> **What the task asks**
The first line of the listing opens the range and the line with "An aerial image. It shows: Farm building." closes it; repeat those lines and all between them word for word, leaving out the pictures.

> **The records**
┄┄┄┄┄┄┄┄┄┄
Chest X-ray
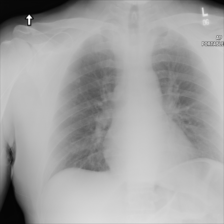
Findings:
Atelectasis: negative
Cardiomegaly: negative
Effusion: negative
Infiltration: negative
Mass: negative
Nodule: negative
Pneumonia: negative
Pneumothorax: negative
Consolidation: negative
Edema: negative
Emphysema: negative
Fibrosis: negative
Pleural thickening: negative
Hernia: negative
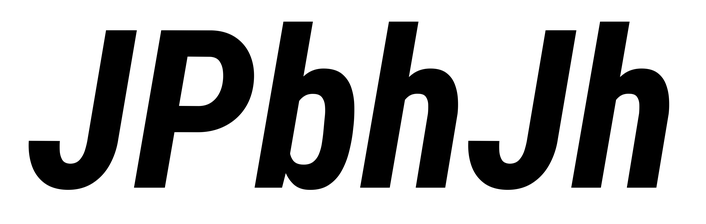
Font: Roboto-Italic_Condensed_Bold_Italic
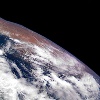
Label: cloud
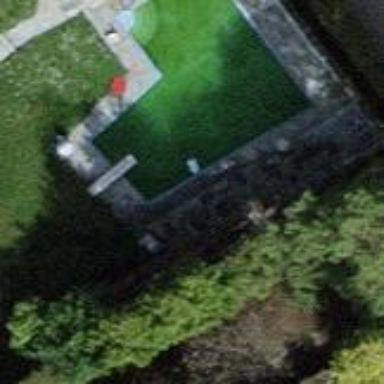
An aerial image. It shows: Swimming pool located in leisure land.
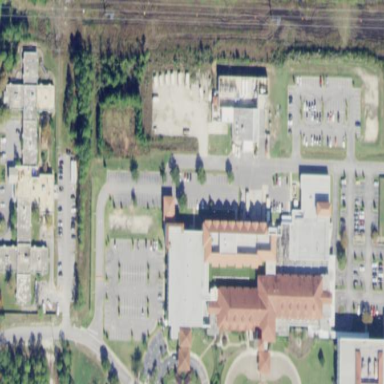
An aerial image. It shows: Hospital building.
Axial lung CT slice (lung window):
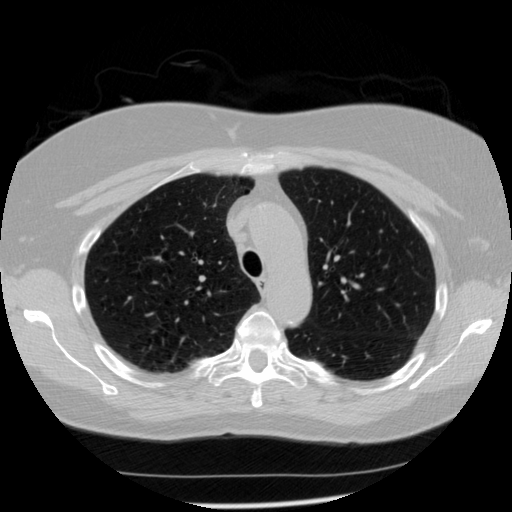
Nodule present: no
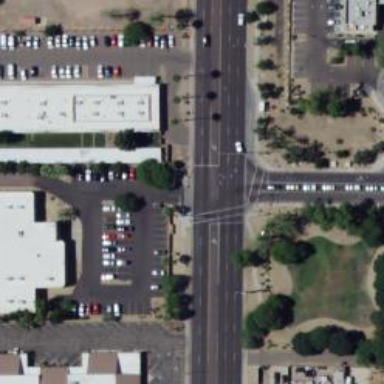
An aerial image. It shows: Solid stop line on the road marking.
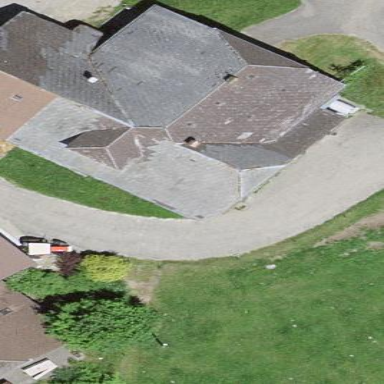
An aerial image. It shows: Farm building.
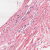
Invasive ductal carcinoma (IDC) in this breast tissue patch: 0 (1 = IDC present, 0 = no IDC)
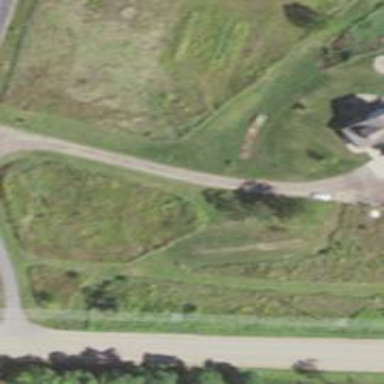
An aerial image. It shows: Driveway.
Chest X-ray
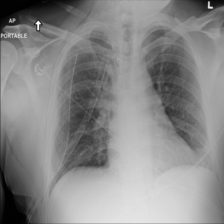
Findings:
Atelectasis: positive
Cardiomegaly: negative
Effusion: negative
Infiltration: negative
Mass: positive
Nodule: negative
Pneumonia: negative
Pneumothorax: negative
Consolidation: negative
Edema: negative
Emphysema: negative
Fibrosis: negative
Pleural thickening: negative
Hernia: negative
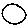
Label: circle
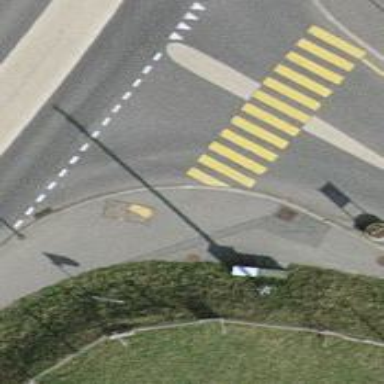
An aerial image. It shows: Kerb serving as barrier.
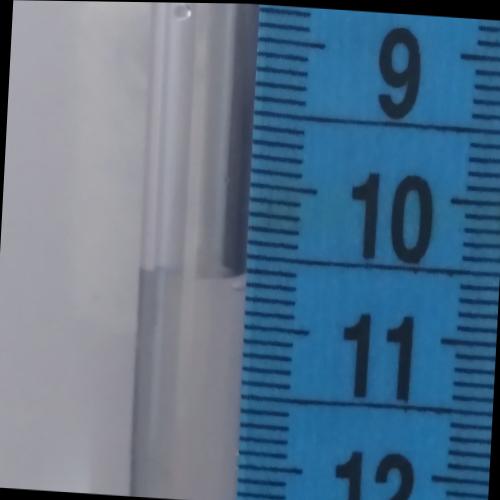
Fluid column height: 10.6 cm
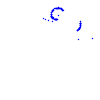
Particle: proton
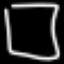
Label: square
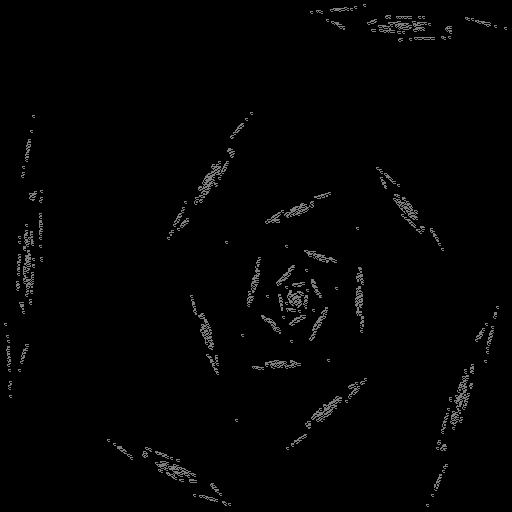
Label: rose
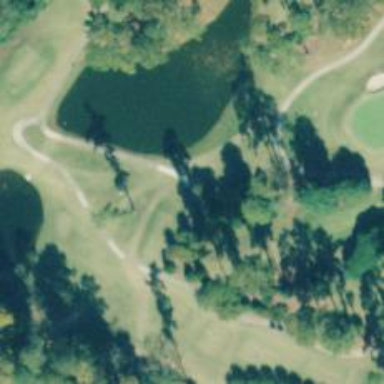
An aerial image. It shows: Path for both roads and golfers.
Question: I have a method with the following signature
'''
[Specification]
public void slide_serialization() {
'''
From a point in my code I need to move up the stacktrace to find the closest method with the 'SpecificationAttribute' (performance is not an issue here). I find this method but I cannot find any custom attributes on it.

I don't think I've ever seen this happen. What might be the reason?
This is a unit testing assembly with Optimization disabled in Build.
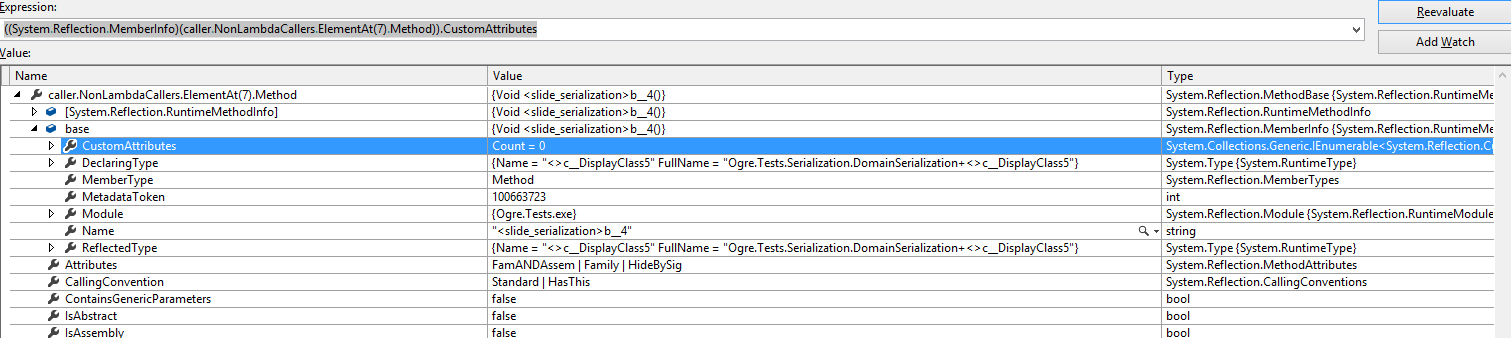
Answer: The code snippet is not much to go by. But the stack trace makes it pretty clear what happened. Note the '<>c_DisplayClass5' type name in the trace. This is an auto-generated class, produced by the C# compiler when it rewrites your code to compile a lambda expression with a closure. The subject of <URL>.
The slide_serialization() method was rewritten as well, now acquiring the unspeakable '<slide_serialization>_b40' method name. Use of angle brackets is intentional, it ensures that the members in the auto-generated code can never collide with identifier names in your program.
And you discovered a restriction in the code rewriting logic in the compiler. It does not transfer [attributes] on the original code to the rewritten code. Whether Microsoft did not think it was important enough to invest the effort or they could not do this correctly for every possible code rewriting rule is unclear. I strongly suspect the latter, the limitation is pretty painful. Usually discovered with much chagrin by programmers that need [SuppressMessage] attribute to get through code analysis without warnings.
There is no simple workaround for this, you have to deal with the limitation.
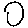
Label: circle
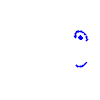
Particle: kaon
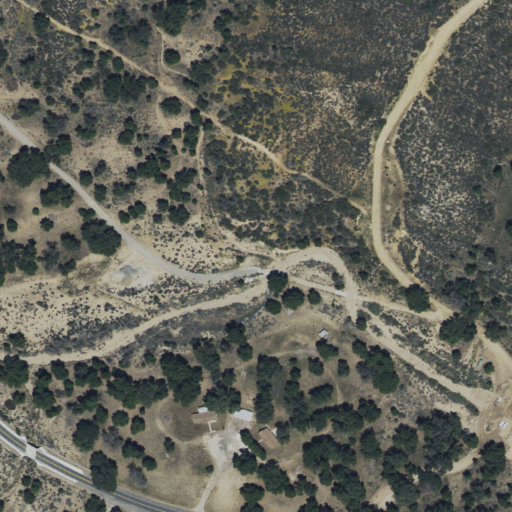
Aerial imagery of valley in California named Rock Canyon containing shrub, woody wetlands, open development, herbaceous wetlands, and low intensity development
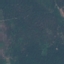
Label: Forest
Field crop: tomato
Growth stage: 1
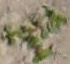
Species: portulaca
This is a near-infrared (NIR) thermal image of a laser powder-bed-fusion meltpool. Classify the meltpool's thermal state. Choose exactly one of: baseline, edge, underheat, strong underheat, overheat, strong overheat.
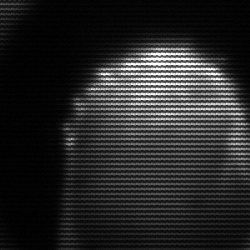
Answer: edge
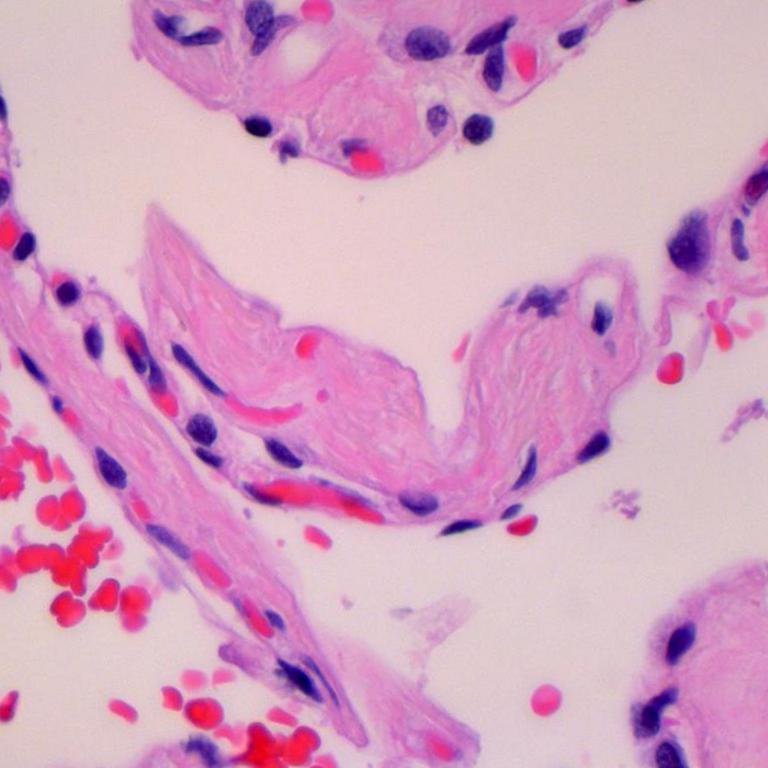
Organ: lung
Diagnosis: benign
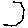
Label: hexagon
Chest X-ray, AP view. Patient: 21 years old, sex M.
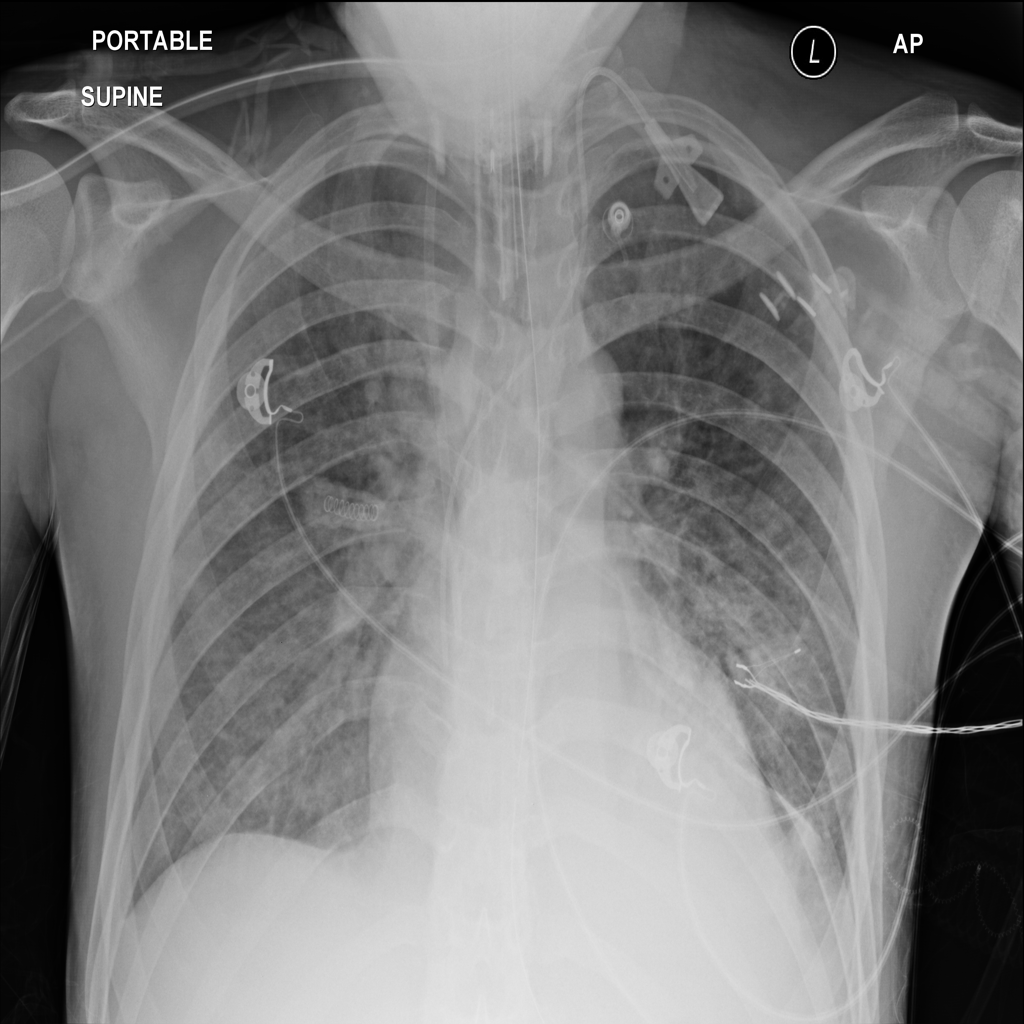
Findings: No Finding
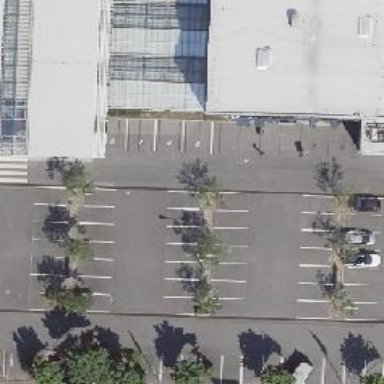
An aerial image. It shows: Asphalt parking aisle designated as service road.
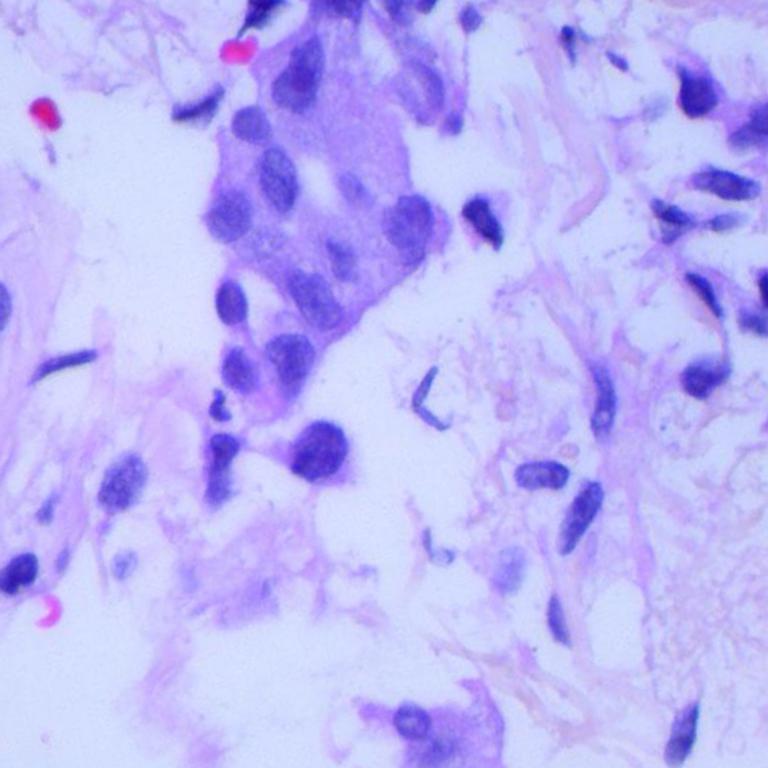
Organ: lung
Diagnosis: adenocarcinomas
┄┄┄┄┄┄┄┄┄┄
> **Exercise result**
Chest X-ray
Findings:
Atelectasis: negative
Cardiomegaly: negative
Effusion: negative
Infiltration: negative
Mass: negative
Nodule: negative
Pneumonia: negative
Pneumothorax: negative
Consolidation: negative
Edema: negative
Emphysema: negative
Fibrosis: negative
Pleural thickening: negative
Hernia: negative
Font: Roboto-Italic_Condensed_Bold_Italic
Label: cloud
An aerial image. It shows: Swimming pool located in leisure land.
An aerial image. It shows: Hospital building.
Axial lung CT slice (lung window):
Nodule present: no
An aerial image. It shows: Solid stop line on the road marking.
An aerial image. It shows: Farm building.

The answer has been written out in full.